Both saw significant growth in advertising revenue in Q1. We could say, "yeah, but that's Q1. We're already into May." And maybe that's fair. But I think there's something else at play here.
If a recession hits, we will see a flight to safety. And in marketing, that means a flight to what works. And when it comes to audience quality, The Wall Street Journal (a big part of News Corp) and The New York Times are both quality.
This is why I mentioned the two different media markets up top. For many Twitter-first media folk, this possible recession is the end of the world, and, in their opinions, advertising is done for. However, for many of those that are just hunkered down on their business, it's not causing them much agita.
At that Omeda conference, I mentioned the possible recession to one operator. And he said, "it does me no good to spend too much time thinking about something I have no control over. So long as I provide a valuable audience to my partners and have enough cash in the bank, we'll be okay."
Is this operator naive? I don't think so. While I anticipate ad spending slowing down if we hit a recession, we have to be careful not to throw the baby out with the bathwater. Last year's exuberance was intense. It was arguably the most fantastic ad market we've ever seen. But a lot of dumb money was being thrown around. Companies with sky-high market caps were spending on everything.
Now, though, we will see the least efficient marketing get cut. The ad spending that doesn't get cut will be directly tied to performance. So, if there's anything you can do to prepare for a recession, focus on quality. Ensure that you're providing the highest quality data to your partners, focus on ads that really perform, and remain competitive.

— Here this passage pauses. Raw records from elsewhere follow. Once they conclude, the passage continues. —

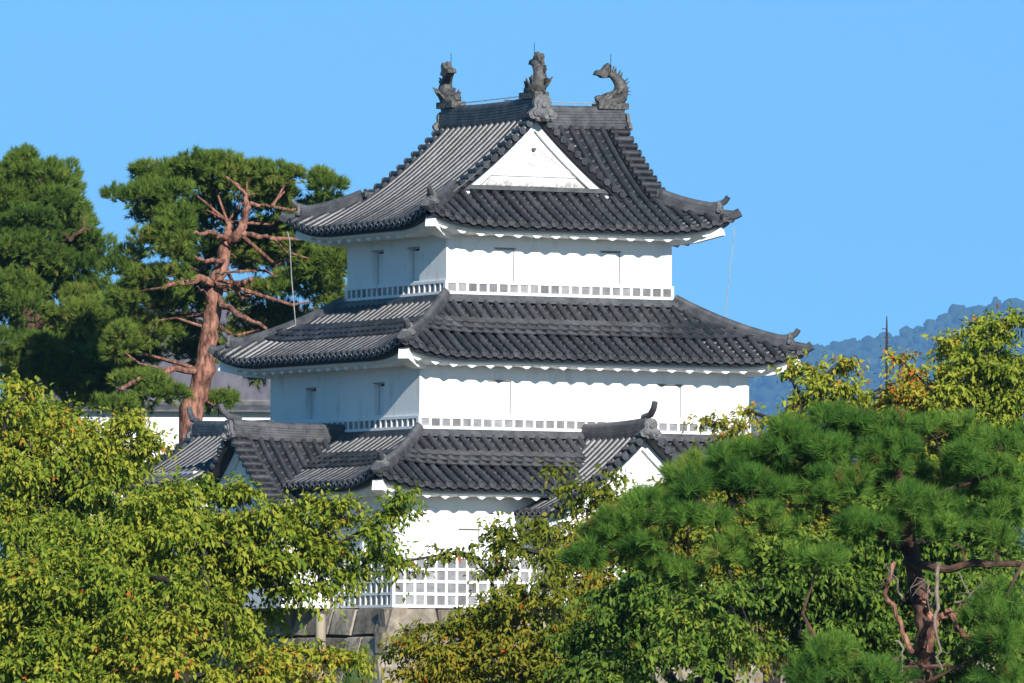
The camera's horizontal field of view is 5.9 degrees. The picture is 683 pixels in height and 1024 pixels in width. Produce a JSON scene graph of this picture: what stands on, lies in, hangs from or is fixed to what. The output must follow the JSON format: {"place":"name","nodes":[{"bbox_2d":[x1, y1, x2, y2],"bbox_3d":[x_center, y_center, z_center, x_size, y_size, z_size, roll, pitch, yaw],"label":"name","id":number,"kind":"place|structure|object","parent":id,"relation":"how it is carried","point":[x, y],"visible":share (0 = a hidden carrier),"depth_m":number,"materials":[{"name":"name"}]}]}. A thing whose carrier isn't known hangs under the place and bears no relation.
{"place":"outdoors","nodes":[
{"label":"outdoors","id":0,"kind":"place"},
{"bbox_2d":[60,401,269,520],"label":"plaster wall","id":1,"kind":"structure","parent":0,"point":[166,416],"depth_m":288.14,"materials":[{"name":"white paint"}]},
{"bbox_2d":[38,307,315,578],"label":"mauve roofed hall","id":2,"kind":"structure","parent":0,"point":[225,379],"depth_m":329.27,"materials":[{"name":"paint"}]},
{"bbox_2d":[0,630,972,682],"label":"castle terrace","id":3,"kind":"structure","parent":0,"point":[339,636],"depth_m":261.90,"materials":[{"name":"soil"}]},
{"bbox_2d":[0,141,149,423],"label":"pine tree","id":4,"kind":"object","parent":3,"relation":"on","point":[38,206],"visible":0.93,"depth_m":273.57,"materials":[{"name":"green plant"}]},
{"bbox_2d":[84,144,352,443],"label":"pine tree","id":5,"kind":"object","parent":3,"relation":"on","point":[175,231],"visible":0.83,"depth_m":263.36,"materials":[{"name":"green plant"}]},
{"bbox_2d":[0,323,1023,575],"bbox_3d":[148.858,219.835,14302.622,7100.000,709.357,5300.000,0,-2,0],"label":"hill","id":6,"kind":"structure","parent":0,"point":[774,409],"depth_m":15842.87,"materials":[{"name":"green plant"}]},
{"bbox_2d":[749,296,1023,594],"bbox_3d":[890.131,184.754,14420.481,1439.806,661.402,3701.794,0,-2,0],"label":"wood","id":7,"kind":"object","parent":6,"relation":"on","point":[906,338],"visible":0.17,"depth_m":16101.83,"materials":[{"name":"plant"}]},
{"bbox_2d":[0,0,1023,396],"label":"sky","id":8,"kind":"structure","parent":0,"point":[869,154],"materials":[{"name":"blue"}]},
{"label":"ground","id":9,"kind":"structure","parent":0,"visible":0},
{"bbox_2d":[0,361,184,574],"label":"cherry tree","id":10,"kind":"object","parent":9,"relation":"on","point":[88,468],"visible":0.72,"depth_m":177.66,"materials":[{"name":"green plant"}]},
{"bbox_2d":[0,465,429,682],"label":"cherry tree","id":11,"kind":"object","parent":9,"relation":"on","point":[143,594],"visible":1,"depth_m":151.80,"materials":[{"name":"green plant"}]},
{"bbox_2d":[315,614,325,681],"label":"wooden post","id":12,"kind":"object","parent":9,"relation":"on","point":[320,630],"visible":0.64,"depth_m":163.87,"materials":[{"name":"brown wood"}]},
{"bbox_2d":[342,649,356,682],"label":"young conifer","id":13,"kind":"object","parent":9,"relation":"on","point":[347,679],"visible":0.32,"depth_m":161.86,"materials":[{"name":"green plant"}]},
{"bbox_2d":[355,643,372,682],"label":"young conifer","id":14,"kind":"object","parent":9,"relation":"on","point":[366,676],"visible":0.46,"depth_m":161.87,"materials":[{"name":"green plant"}]},
{"bbox_2d":[368,509,629,682],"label":"cherry tree","id":15,"kind":"object","parent":9,"relation":"on","point":[451,661],"visible":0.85,"depth_m":165.51,"materials":[{"name":"green plant"}]},
{"bbox_2d":[121,608,996,682],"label":"stone base","id":16,"kind":"object","parent":9,"relation":"on","point":[378,623],"visible":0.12,"depth_m":243.36,"materials":[{"name":"stone"}]},
{"bbox_2d":[115,43,813,610],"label":"castle turret","id":17,"kind":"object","parent":16,"relation":"on","point":[485,329],"visible":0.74,"depth_m":247.13,"materials":[{"name":"white paint"}]},
{"bbox_2d":[305,387,315,418],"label":"window","id":18,"kind":"structure","parent":17,"relation":"in","point":[313,392],"depth_m":249.75,"materials":[{"name":"white paint"}]},
{"bbox_2d":[372,250,383,283],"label":"window","id":19,"kind":"structure","parent":17,"relation":"in","point":[381,256],"depth_m":249.81,"materials":[{"name":"white paint"}]},
{"bbox_2d":[373,382,384,414],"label":"window","id":20,"kind":"structure","parent":17,"relation":"in","point":[382,388],"depth_m":246.48,"materials":[{"name":"white paint"}]},
{"bbox_2d":[407,247,419,280],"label":"window","id":21,"kind":"structure","parent":17,"relation":"in","point":[416,253],"depth_m":248.17,"materials":[{"name":"white paint"}]},
{"bbox_2d":[458,528,480,551],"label":"window","id":22,"kind":"structure","parent":17,"relation":"in","point":[465,536],"depth_m":243.31,"materials":[{"name":"white paint"}]},
{"bbox_2d":[486,380,511,413],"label":"window","id":23,"kind":"structure","parent":17,"relation":"in","point":[498,391],"depth_m":245.40,"materials":[{"name":"white paint"}]},
{"bbox_2d":[494,247,515,280],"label":"window","id":24,"kind":"structure","parent":17,"relation":"in","point":[503,256],"depth_m":247.20,"materials":[{"name":"white paint"}]},
{"bbox_2d":[600,251,620,283],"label":"window","id":25,"kind":"structure","parent":17,"relation":"in","point":[609,259],"depth_m":248.60,"materials":[{"name":"white paint"}]},
{"bbox_2d":[657,384,681,417],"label":"window","id":26,"kind":"structure","parent":17,"relation":"in","point":[668,394],"depth_m":247.63,"materials":[{"name":"white paint"}]},
{"bbox_2d":[519,409,888,682],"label":"cherry tree","id":27,"kind":"object","parent":9,"relation":"on","point":[679,543],"visible":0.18,"depth_m":185.93,"materials":[{"name":"green plant"}]},
{"bbox_2d":[544,488,1023,682],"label":"broadleaf tree","id":28,"kind":"object","parent":9,"relation":"on","point":[649,627],"visible":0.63,"depth_m":157.74,"materials":[{"name":"green plant"}]},
{"bbox_2d":[554,397,1023,682],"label":"pine tree","id":29,"kind":"object","parent":9,"relation":"on","point":[825,466],"visible":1,"depth_m":136.92,"materials":[{"name":"green plant"}]},
{"bbox_2d":[725,348,884,682],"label":"cherry tree","id":30,"kind":"object","parent":9,"relation":"on","point":[818,388],"visible":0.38,"depth_m":201.97,"materials":[{"name":"green plant"}]},
{"bbox_2d":[882,316,891,387],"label":"mast","id":31,"kind":"object","parent":9,"relation":"on","point":[886,349],"visible":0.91,"depth_m":580.39,"materials":[{"name":"grey metal"}]},
{"bbox_2d":[842,300,1023,682],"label":"cherry tree","id":32,"kind":"object","parent":9,"relation":"on","point":[985,369],"visible":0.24,"depth_m":198.07,"materials":[{"name":"green plant"}]}
]}

The last thing you should do is panic and make harsh decisions. Even during recessions, businesses need customers. And advertising is how they get said customer. Budgets may get trimmed. But you can't control that. So, focus on what you can control. And make sure you have cash in the bank.
Endeavor completes two acquisitions
In separate releases published over the past week, Endeavor Business Media announced two acquisitions. First, it announced that it had acquired Putnam Media on May 2nd:
Endeavor Business Media announces the acquisition of Putman Media, a privately held B2B company specializing in key manufacturing markets including chemicals, food and pharmaceuticals, asset reliability, industrial automation and smart, connected manufacturing.

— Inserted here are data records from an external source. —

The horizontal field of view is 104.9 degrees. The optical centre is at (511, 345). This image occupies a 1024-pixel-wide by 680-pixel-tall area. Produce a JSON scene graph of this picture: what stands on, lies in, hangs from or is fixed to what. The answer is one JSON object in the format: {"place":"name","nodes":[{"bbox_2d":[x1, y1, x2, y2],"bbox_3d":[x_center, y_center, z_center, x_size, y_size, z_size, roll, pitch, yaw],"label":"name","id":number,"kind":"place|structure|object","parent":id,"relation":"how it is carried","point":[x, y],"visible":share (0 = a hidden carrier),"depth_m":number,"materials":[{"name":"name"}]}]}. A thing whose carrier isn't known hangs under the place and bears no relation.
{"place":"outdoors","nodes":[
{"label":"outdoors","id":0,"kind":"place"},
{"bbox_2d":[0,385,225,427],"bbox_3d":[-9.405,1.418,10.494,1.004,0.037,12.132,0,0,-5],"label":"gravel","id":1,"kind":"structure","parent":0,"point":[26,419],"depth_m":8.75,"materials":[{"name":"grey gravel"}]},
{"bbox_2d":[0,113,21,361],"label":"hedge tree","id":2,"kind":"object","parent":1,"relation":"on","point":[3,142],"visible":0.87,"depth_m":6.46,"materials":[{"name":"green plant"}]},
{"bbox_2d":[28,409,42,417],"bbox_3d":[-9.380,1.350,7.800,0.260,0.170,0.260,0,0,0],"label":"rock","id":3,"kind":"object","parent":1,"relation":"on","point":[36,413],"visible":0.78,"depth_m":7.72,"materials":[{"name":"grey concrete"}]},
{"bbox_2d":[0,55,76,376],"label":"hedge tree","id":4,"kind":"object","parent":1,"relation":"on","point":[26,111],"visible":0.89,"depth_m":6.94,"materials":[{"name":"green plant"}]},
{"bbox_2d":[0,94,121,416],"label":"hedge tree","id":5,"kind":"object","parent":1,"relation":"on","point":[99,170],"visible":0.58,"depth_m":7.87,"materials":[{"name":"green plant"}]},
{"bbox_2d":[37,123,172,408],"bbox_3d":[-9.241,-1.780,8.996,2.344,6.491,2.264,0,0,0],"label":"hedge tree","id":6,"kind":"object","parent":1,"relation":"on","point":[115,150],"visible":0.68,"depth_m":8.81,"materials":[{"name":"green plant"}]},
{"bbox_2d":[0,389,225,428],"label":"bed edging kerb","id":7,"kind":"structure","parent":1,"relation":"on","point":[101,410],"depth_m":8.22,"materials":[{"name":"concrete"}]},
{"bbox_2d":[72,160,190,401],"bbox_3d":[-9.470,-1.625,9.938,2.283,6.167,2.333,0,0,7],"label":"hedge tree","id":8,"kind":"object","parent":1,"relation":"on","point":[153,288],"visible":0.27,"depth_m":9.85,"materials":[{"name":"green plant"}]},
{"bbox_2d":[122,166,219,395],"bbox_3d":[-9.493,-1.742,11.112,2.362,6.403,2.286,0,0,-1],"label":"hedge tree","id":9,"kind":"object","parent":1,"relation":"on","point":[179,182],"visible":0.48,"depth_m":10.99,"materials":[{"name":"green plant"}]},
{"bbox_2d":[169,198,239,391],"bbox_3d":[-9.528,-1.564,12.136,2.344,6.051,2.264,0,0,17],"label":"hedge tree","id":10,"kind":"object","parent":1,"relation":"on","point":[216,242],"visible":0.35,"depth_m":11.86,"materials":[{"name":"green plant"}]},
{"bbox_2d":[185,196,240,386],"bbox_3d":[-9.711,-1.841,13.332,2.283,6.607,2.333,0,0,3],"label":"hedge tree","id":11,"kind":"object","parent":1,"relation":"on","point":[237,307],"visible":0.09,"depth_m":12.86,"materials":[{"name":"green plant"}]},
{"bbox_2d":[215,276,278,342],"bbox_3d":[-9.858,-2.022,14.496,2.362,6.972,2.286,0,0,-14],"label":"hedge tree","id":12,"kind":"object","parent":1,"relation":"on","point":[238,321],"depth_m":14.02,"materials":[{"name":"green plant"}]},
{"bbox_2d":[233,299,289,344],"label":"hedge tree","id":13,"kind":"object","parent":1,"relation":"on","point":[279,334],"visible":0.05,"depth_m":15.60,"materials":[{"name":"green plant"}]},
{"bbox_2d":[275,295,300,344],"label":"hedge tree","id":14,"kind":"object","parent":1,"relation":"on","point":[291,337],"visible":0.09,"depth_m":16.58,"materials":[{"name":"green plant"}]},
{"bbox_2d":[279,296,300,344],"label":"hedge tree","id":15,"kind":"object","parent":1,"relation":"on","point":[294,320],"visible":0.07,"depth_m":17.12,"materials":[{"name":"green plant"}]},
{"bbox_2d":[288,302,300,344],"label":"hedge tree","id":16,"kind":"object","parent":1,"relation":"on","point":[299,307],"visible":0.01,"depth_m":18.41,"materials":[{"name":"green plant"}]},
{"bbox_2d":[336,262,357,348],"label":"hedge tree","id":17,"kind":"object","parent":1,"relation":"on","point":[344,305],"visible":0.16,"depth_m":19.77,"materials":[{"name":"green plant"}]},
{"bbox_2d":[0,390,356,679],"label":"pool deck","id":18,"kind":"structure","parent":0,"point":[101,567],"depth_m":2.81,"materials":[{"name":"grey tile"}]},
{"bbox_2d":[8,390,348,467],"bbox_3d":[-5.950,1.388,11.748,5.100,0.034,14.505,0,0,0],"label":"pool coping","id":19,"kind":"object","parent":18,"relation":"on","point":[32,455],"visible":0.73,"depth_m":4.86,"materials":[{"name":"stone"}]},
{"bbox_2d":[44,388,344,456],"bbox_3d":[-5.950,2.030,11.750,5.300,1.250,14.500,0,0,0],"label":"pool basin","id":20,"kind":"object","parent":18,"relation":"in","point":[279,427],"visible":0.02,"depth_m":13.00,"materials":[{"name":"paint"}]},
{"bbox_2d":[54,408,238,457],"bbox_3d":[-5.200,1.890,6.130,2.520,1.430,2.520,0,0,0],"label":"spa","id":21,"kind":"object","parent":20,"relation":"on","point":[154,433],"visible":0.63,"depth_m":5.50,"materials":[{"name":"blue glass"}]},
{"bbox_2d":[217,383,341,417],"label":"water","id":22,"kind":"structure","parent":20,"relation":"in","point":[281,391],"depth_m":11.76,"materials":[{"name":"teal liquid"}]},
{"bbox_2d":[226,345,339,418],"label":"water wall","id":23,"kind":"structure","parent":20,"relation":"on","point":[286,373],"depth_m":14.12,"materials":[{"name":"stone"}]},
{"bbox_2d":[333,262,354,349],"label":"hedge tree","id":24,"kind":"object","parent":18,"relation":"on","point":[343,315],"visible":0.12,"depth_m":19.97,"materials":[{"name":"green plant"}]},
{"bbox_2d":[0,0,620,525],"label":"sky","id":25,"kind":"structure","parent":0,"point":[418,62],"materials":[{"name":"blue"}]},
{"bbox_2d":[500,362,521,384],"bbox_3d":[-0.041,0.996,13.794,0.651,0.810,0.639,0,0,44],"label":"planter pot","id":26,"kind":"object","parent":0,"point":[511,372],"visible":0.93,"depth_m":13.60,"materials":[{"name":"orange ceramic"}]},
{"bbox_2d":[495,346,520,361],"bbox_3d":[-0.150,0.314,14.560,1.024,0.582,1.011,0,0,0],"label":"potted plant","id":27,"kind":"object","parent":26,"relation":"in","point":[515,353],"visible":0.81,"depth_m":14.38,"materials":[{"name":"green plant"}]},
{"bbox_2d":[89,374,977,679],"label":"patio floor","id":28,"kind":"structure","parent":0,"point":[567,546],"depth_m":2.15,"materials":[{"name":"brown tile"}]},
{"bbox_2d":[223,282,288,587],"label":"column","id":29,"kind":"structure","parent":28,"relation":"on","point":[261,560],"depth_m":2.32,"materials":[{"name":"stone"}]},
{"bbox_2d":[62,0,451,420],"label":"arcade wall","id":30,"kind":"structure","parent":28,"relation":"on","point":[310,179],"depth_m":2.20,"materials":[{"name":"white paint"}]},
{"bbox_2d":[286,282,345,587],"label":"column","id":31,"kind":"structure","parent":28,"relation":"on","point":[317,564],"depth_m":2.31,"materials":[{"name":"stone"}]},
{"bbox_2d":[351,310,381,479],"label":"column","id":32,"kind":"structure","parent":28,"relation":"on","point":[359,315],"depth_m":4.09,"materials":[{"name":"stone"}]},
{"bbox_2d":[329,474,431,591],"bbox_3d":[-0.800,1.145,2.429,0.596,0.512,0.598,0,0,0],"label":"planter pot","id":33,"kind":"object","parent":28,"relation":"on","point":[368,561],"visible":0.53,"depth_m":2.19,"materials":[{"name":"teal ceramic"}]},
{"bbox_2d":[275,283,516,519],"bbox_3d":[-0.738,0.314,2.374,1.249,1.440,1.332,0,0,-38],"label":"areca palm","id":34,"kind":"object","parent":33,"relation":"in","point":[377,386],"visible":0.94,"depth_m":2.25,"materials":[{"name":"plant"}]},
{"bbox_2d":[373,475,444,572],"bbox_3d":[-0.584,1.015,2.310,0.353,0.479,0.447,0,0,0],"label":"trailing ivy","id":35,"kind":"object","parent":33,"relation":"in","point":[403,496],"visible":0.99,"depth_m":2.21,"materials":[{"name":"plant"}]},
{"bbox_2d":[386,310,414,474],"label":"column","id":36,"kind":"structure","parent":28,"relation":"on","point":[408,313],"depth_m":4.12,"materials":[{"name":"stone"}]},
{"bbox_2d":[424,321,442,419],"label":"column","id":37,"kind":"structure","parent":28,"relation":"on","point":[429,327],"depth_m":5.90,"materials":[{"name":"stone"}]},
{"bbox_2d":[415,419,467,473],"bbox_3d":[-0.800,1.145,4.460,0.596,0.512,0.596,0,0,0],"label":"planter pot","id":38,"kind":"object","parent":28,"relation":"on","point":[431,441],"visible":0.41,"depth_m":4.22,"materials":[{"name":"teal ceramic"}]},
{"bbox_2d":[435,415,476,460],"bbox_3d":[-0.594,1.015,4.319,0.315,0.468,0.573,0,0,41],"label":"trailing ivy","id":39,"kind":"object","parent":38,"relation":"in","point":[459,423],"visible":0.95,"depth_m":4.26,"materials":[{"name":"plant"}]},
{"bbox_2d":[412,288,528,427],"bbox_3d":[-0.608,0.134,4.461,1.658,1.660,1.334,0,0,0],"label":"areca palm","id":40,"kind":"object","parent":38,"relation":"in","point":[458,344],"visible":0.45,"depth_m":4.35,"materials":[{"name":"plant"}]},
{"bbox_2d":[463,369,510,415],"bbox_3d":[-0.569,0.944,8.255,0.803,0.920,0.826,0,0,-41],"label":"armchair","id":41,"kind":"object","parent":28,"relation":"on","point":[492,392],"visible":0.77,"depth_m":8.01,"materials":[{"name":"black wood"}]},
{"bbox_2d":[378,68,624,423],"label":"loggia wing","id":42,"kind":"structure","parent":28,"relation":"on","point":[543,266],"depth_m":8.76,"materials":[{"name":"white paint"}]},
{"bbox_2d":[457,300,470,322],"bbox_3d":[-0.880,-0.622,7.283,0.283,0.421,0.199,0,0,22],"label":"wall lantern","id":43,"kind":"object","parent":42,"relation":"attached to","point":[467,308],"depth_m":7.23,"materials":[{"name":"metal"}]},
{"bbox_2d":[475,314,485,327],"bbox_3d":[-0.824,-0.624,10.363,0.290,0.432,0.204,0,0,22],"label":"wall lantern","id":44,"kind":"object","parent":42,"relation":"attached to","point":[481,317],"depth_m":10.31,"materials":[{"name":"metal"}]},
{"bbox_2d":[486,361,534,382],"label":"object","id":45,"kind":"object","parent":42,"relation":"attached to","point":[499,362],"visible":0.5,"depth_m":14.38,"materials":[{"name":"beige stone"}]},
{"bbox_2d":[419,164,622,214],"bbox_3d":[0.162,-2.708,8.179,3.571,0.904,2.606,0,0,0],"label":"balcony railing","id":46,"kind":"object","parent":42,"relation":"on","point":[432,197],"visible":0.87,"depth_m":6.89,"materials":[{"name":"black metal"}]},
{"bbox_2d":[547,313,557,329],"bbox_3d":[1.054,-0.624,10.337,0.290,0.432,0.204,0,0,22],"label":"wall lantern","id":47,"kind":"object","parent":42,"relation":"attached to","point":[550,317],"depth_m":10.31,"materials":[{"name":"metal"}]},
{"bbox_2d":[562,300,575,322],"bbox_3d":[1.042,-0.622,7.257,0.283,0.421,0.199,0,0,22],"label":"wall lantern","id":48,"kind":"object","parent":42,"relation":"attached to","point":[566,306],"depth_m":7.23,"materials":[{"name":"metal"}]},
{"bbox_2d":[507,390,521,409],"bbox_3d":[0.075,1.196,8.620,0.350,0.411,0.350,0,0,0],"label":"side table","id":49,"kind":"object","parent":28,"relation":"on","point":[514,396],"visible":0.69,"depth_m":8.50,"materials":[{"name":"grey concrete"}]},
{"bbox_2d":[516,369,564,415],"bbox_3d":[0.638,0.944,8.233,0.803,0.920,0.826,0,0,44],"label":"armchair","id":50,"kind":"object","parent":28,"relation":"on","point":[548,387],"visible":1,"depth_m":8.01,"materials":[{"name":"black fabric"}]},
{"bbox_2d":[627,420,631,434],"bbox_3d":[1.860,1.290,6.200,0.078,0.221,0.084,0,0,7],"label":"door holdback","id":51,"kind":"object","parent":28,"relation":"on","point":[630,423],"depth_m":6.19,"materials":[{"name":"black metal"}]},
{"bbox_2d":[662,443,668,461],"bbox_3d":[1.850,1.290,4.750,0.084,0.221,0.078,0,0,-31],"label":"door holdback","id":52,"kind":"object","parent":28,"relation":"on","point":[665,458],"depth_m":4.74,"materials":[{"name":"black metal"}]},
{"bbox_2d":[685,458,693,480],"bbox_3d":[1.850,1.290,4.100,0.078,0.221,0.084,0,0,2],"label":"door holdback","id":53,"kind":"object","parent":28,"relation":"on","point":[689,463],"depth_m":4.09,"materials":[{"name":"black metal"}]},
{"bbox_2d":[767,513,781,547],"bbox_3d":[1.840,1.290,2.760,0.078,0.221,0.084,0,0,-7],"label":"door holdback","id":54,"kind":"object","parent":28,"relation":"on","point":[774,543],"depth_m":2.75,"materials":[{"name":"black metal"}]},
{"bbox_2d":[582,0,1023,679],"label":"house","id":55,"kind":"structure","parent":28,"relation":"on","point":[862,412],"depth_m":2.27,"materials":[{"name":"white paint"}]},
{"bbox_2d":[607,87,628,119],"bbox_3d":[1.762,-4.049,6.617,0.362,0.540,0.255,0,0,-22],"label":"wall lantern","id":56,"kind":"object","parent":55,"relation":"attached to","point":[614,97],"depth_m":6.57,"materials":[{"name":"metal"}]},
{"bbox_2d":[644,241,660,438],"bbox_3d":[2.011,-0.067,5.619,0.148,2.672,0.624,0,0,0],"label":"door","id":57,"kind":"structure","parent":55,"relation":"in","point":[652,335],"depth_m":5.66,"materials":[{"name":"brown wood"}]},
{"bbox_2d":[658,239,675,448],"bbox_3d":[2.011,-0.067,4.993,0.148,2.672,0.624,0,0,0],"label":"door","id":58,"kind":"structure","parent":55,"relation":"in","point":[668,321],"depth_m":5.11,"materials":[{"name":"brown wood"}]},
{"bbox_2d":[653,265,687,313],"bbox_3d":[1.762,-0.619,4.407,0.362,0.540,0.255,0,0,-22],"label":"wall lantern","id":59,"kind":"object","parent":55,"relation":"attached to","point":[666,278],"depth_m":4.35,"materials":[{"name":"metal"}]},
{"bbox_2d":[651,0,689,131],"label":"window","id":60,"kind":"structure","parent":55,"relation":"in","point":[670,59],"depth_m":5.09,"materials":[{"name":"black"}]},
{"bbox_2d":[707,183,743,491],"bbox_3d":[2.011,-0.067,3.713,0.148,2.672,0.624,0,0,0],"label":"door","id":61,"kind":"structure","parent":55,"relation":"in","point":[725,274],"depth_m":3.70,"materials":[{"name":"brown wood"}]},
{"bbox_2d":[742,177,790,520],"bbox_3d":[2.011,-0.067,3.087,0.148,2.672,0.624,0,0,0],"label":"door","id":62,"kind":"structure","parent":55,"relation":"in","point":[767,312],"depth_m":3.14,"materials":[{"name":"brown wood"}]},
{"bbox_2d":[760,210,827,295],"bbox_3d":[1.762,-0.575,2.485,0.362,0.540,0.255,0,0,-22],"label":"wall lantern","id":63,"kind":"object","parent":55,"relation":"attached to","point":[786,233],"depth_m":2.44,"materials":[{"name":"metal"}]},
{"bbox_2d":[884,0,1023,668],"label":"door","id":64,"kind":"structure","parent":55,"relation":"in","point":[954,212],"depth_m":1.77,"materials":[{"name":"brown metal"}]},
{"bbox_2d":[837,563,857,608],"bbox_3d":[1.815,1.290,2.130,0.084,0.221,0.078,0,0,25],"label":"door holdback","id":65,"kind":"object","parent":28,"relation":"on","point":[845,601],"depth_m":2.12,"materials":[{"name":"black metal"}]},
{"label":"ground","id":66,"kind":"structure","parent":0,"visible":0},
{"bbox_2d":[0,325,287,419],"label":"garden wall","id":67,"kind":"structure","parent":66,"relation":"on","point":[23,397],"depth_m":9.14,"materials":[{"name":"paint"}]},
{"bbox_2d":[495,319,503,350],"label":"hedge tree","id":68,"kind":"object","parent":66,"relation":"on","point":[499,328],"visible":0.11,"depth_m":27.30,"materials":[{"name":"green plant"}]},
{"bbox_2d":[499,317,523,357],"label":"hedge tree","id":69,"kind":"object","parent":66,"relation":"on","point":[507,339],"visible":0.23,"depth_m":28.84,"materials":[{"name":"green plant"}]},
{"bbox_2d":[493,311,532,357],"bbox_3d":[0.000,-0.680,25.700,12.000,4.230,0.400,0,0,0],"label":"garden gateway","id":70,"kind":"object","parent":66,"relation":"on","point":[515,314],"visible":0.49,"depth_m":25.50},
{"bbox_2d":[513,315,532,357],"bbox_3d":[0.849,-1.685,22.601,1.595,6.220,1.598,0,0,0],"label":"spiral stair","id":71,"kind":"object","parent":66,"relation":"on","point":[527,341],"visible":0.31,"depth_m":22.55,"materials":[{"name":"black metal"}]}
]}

Endeavor Business Media announces the acquisition of Microgrid Knowledge, including an online news and information site designed to advance microgrid adoption and the Microgrid Conference series.
Terms of these deals were not disclosed. Endeavor has been incredibly busy this year. This year alone, it has also acquired Construction Business Media, Data Center Frontier, Interior+sources and BUILDINGS magazines, and ISE Magazine and ISE Expo. Like I said, a busy year.
The reality is that the b2b world is unbelievably fragmented. But what Endeavor is doing here is smart. It brings together related publications to help it expand its audience profile across multiple niches. And its a playbook that can work across any industry. Right now, Endeavor isn't in the retail space, for example, but you could easily imagine it expanding into that by acquiring any number of niche, retail publications.
I would be shocked if this is Endeavor's last deal of the year. In a world of fragmentation, Endeavor is looking to centralize as best as it can.